Mozilla Firefox 4 supports this functionality.
It is possible to manage a multimedia page as a single file. Email
message templates can contain images (for backgrounds or signatures)
without the image appearing to be an "attachment".
Disadvantages:
Data URIs are not separately cached from their containing documents
(e.g. CSS or HTML files) so data is downloaded every time the
containing documents are redownloaded. Content must be re-encoded and
re-embedded every time a change is made.
Internet Explorer through version 7 (approximately 15% of the market as of January 2011), lacks support. However this can be overcome by serving browser specific content.
Internet Explorer 8 limits data URIs to a maximum length of 32 KB.
Data is included as a simple stream, and many processing environments (such as web browsers) may not support using containers (such as multipart/alternative or message/rfc822) to provide greater complexity such as metadata, data compression, or content negotiation.
Base64-encoded data URIs are 1/3 larger in size than their binary
equivalent. (However, this overhead is reduced to 2-3% if the HTTP
server compresses the response using gzip) Data URIs make it more
difficult for security software to filter content.
According to other sources
- Data URLs are significantly slower on mobile browsers.
A good use of Data URI is allowing the download of content that have been generated client side, without resorting to a server-side 'proxy'. Here are some example I can think of:
saving the output of a canvas element as an image.
offering download of a table as CSV
downloading output of any kind of online editor (text, drawing, CSS code ...etc)
Mainly I find use of this if I can't (for some reason) use CSS sprites and I don't want to download every little single image that I will use for styling.
Or for some reason you don't want anyone to link the image from external page. This can be achieved by other methodologies but embedding works as well.
Otherwise, personally I wouldn't encode large images as photos. It's better to have your media at a different server. A server that can lack all of the web-server related software installed. Simply delivering media. Much better use of resources.
I have used the data URI scheme in several (C++, Python) command line applications to generate
reports which include data plots.
Having a single file is quite convenient to send the reports by email (or move them around in general). Compared to PDF I did not need an additional library (other than a base64 encoding
routine) and I don't need to take care of page breaks (and I almost never need to print
these reports). I usually don't put these reports on a web server, just view them on the
local filesystem with a browser.
I agree with BiAiB that the real value of Data URIs is making client-side generated content available as file download without any need for server round-trips.

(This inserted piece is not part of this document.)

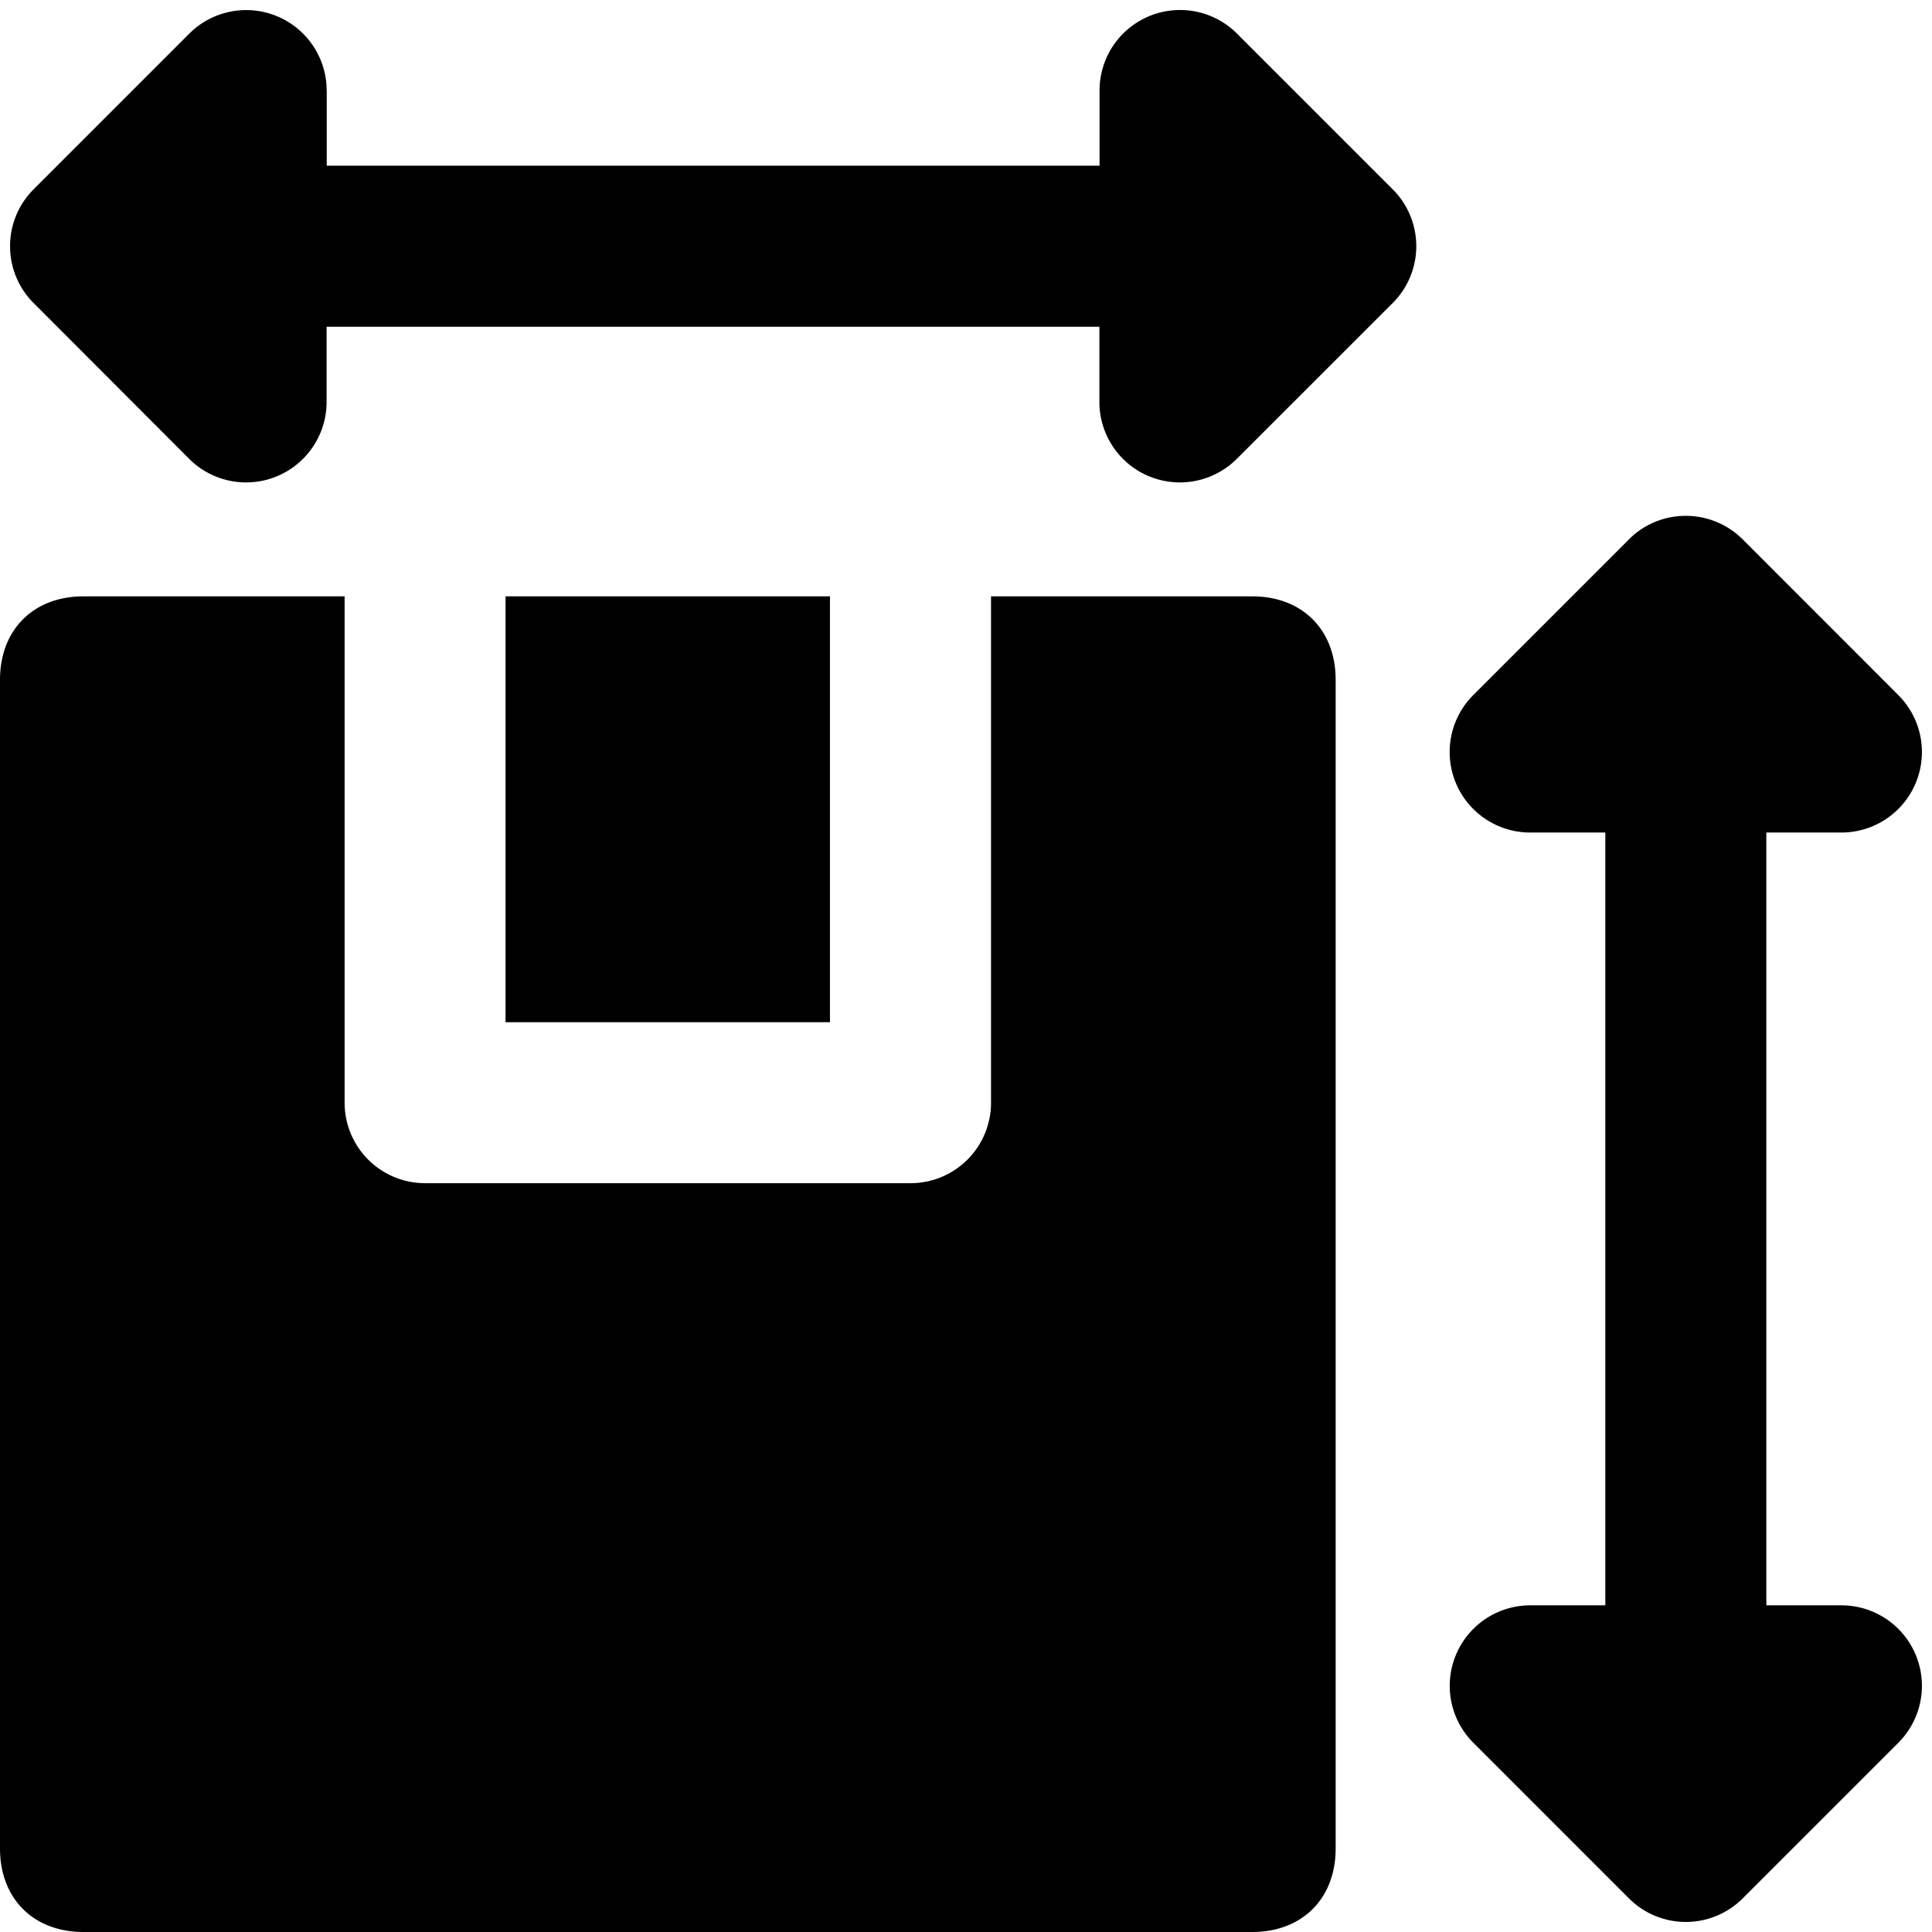 <svg xmlns="http://www.w3.org/2000/svg" fill="none" viewBox="0 0 24 24"><path fill="#000000" fill-rule="evenodd" d="M4.058 1.125A1 1 0 0 0 2.351 0.418l-1.93 1.93 -0.029 0.03a0.996 0.996 0 0 0 -0.267 0.68l0 0.003a0.997 0.997 0 0 0 0.293 0.704L2.35 5.7a1 1 0 0 0 1.707 -0.707v-0.934h9.6v0.934a1 1 0 0 0 1.707 0.707L17.3 3.765a0.998 0.998 0 0 0 -0.004 -1.418l-1.93 -1.93a1 1 0 0 0 -1.707 0.708v0.933h-9.6v-0.933Zm16.173 5.58 0.03 -0.03a0.996 0.996 0 0 1 0.68 -0.267l0.004 0c0.255 0.001 0.51 0.099 0.704 0.293l1.933 1.934a1 1 0 0 1 -0.707 1.707h-0.933v9.6h0.933a1 1 0 0 1 0.707 1.707l-1.933 1.933a0.999 0.999 0 0 1 -1.418 -0.004l-1.93 -1.93a1 1 0 0 1 0.707 -1.706h0.934v-9.6h-0.934a1 1 0 0 1 -0.707 -1.707l1.93 -1.93Zm-19.194 0.703h3.244v6.29a1 1 0 0 0 1 1h6.03a1 1 0 0 0 1 -1v-6.29h3.244c0.622 0 1.037 0.415 1.037 1.037v14.518c0 0.622 -0.415 1.037 -1.037 1.037H1.037C0.415 24 0 23.585 0 22.963V8.445c0 -0.622 0.415 -1.037 1.037 -1.037Zm9.274 0H6.28v5.29h4.03v-5.29Z" clip-rule="evenodd" stroke-width="1"></path></svg>

A working example of using Data URIs for "offering download of a table as CSV" is described on my blog.
IMHO, the embedding of image (or other binary resource) data into an HTML file for performance reasons is a red herring. The speed gain due to less HTTP connections is negligible and breaks the nice principle of separation between (textual) markup and binary resources (image files, videos, etc.).
I think HTTP 1.1 pipelining and some suggested improvements to HTTP are a cleaner and better way to handle HTTP network speed issues.